◆ EXTRACTED INFORMATION ◆
--*--
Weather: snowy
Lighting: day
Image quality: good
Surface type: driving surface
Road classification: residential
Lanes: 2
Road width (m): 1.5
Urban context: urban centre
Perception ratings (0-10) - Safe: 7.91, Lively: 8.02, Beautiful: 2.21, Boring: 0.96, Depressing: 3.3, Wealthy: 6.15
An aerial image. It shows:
--*--
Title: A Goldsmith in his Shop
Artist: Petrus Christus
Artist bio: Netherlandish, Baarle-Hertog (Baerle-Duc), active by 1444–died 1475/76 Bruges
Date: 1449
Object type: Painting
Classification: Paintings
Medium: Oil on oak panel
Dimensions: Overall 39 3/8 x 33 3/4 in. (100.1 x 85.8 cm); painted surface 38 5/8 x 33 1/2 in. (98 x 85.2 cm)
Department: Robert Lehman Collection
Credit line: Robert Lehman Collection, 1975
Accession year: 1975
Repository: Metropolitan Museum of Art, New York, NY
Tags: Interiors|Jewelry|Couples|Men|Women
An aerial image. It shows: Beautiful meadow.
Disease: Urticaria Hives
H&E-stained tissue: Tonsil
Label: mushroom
--*--
◆ WORK INSTRUCTION ◆
Return a word-for-word copy of the lines above from the one holding "Weather: snowy" through the one holding "Perception ratings (0-10)", with both of them included and nothing besides.

◆ ANSWER SPACE ◆
Weather: snowy
Lighting: day
Image quality: good
Surface type: driving surface
Road classification: residential
Lanes: 2
Road width (m): 1.5
Urban context: urban centre
Perception ratings (0-10) - Safe: 7.91, Lively: 8.02, Beautiful: 2.21, Boring: 0.96, Depressing: 3.3, Wealthy: 6.15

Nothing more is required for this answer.